[Osmf-talk] A Better Map

Martijn van Exel mvexel at gmail.com
Wed Oct 22 21:56:16 UTC 2014

On Wed, Oct 22, 2014 at 2:51 PM, Simon Poole <simon at poole.ch> wrote:

> Am 22.10.2014 21:24, schrieb Kate Chapman:
> > ...
> > I'd say the size of the board to me is not necessarily the issue. I do
> > think however having a board elected completely just from the OSMF
> > membership isn't the best approach. Those elected from OSM
> > contributors (I frequently have seen in the past people post people's
> > OSM edits for board elections) are not necessarily the best to be on a
> > board. It does not allow the flexibility to seek out board members
> > with specialized skills. For example most of the board would not claim
> > to be experts in finance, or legal matters. I certainly think election
> > from part of the community is not a bad thing, but perhaps it isn't
> > the only way.
> >
> Hi Kate
> Your position on this seems to be similar to statements made during the
> just past OSM-US board elections.
> They seem to repeat a preconceived notion of a OSM contributor which is
> extremely one sided. OSM contributors big and small come from a wide
> range of professional backgrounds and without even venturing in to the
> realm of casual contributors, we have a pool of 50'000 to recruit  board
> and working group members from. Many which will trash non-editing so
> called experts in any field with their right hand bound behind their back.
50k is not many people at all, given that only very, very few among us are
true leaders and able to run an organization professionally. We would be
ill-advised to look only among our body of OSM contributors for good
governors of the project. (We had a discussion around the importance of
number of edits as a meaningful metric prior to the US Chapter board
elections last month,
I, as an old fart in this project, have personally experienced it as quite
refreshing top work with capable people on the US Chapter board that have a
much fresher perspective on OSM.

> We simply face the same challenge that every popular pastime faces that
> promises  power, money and influence. The people that actually enjoy the
> pastime would prefer allocating their time to what they enjoy, instead
> of to managing the organisation and will need a lot of convincing to
> "waste" their time on meta issues and power games, leaving control to
> people with different motives. It is not by chance that this topic is
> rising now when OSM is a clear success.

Speaking of preconceived notions, there are a lot of them in these few

> You just need to look at the governing bodies of any major sport to know
> what happens.

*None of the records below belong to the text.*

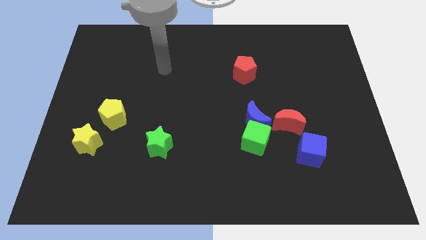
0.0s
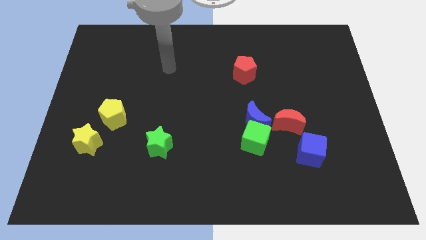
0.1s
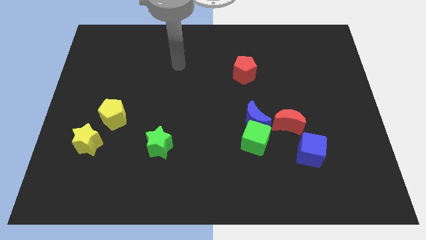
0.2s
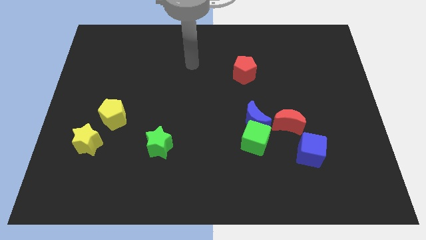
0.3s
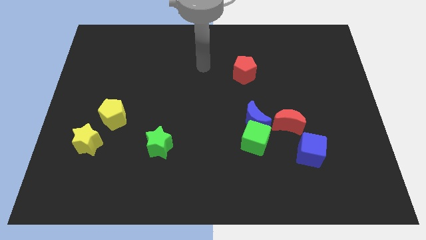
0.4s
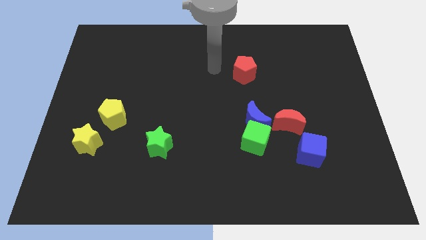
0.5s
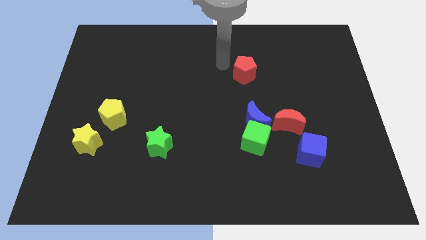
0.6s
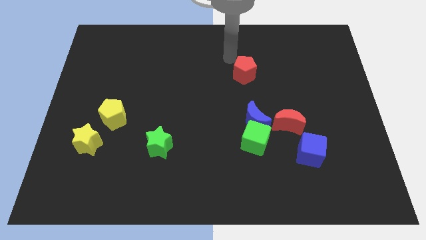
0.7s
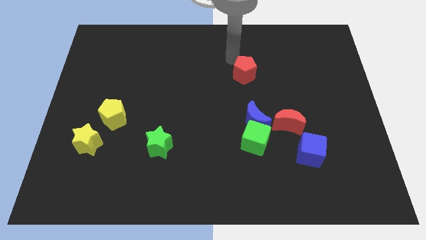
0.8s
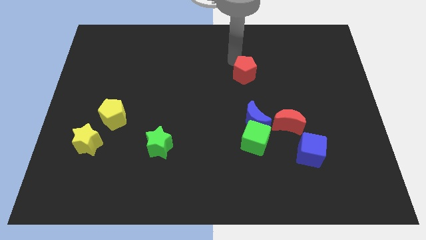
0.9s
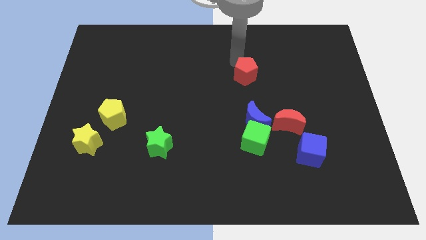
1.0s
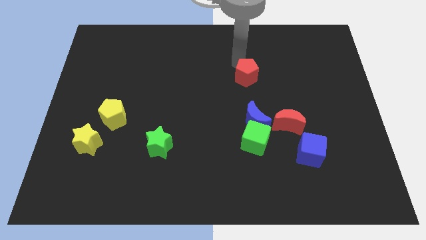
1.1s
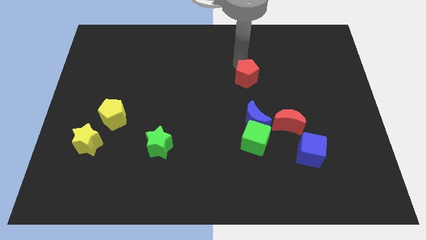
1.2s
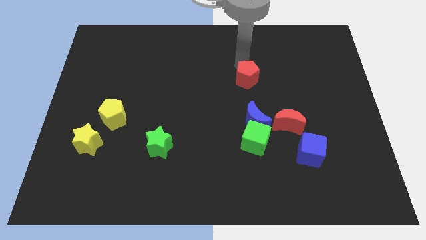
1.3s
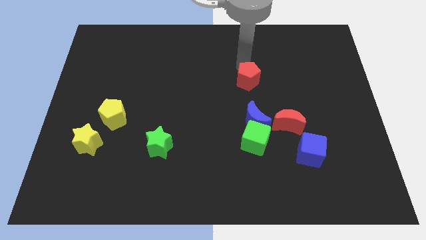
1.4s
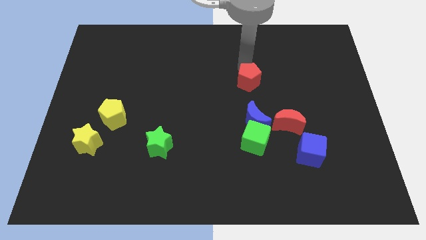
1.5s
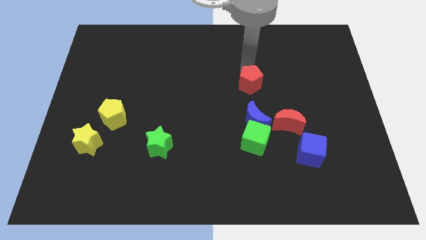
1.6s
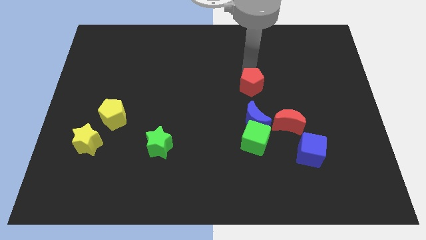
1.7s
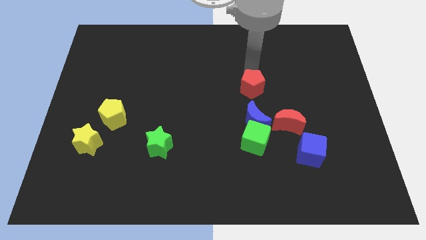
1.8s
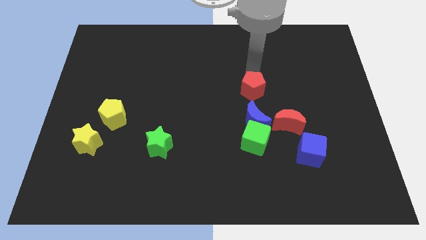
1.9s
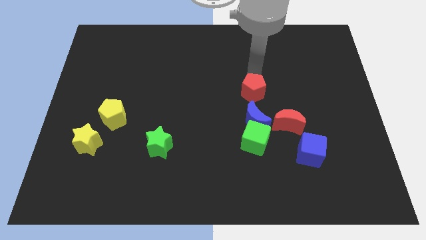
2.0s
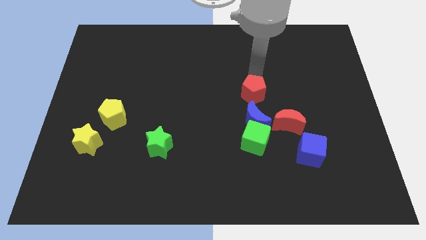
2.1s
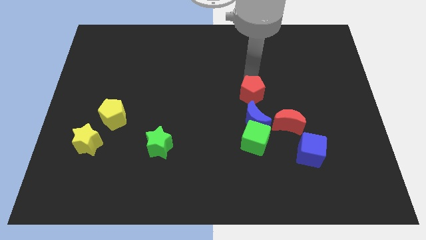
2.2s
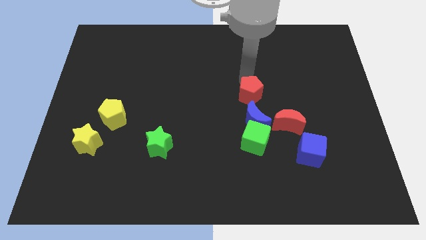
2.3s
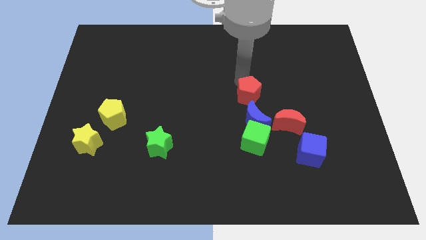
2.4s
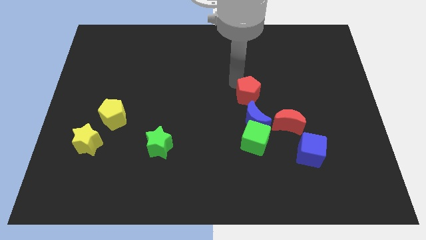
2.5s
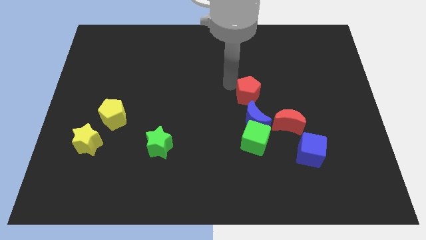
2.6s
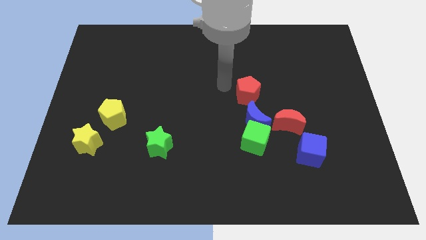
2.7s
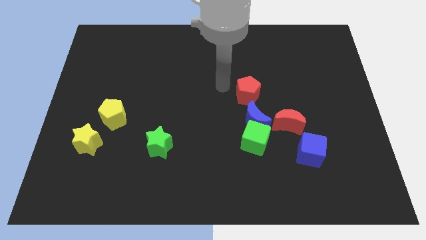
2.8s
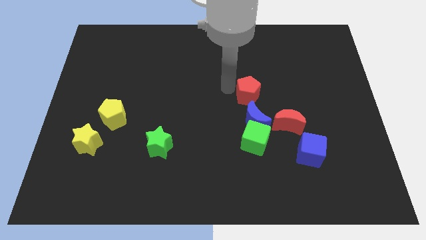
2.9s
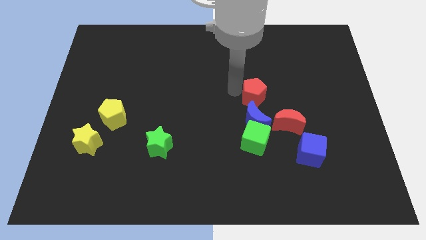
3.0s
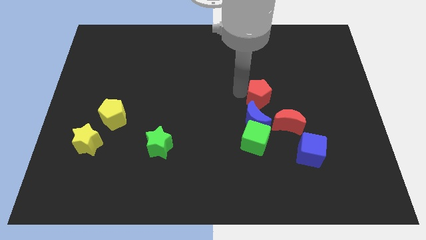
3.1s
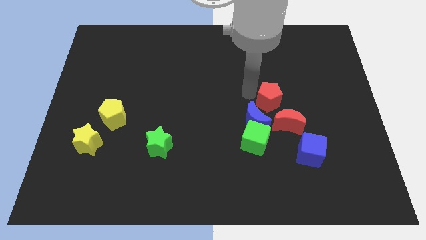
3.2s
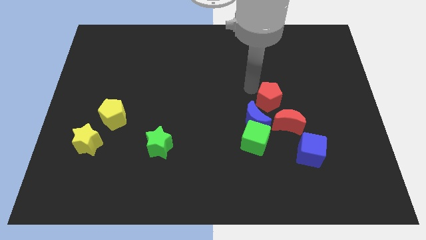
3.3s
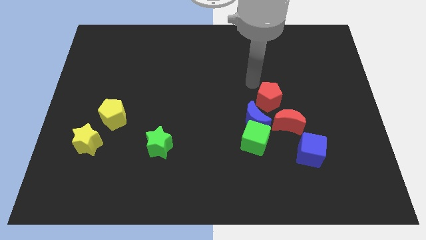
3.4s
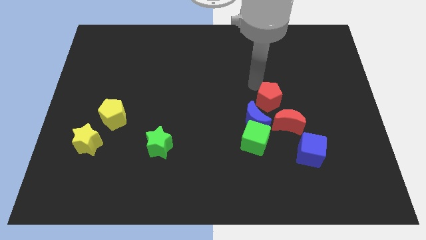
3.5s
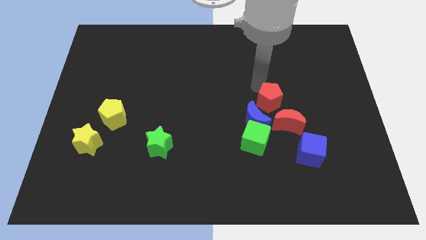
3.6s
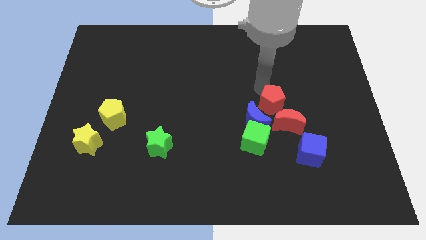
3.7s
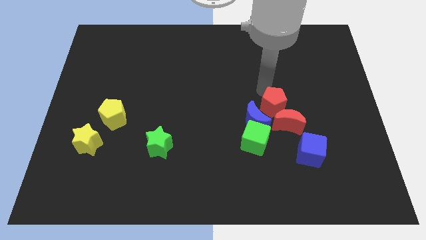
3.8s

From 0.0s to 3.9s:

It isn't even necessary to consider the extremes of FIFA
> and the like. Though  I'm sure the arguments 110 years ago were very
> similar to those raised now. Non affiliated community members are
> already a minority in the OSMF board, not to mention OSM US that has a
> single token such member left.

And would you care to expand on the detrimental effect that has had on the
governance of OSM in the US, because that is what you are clearly implying?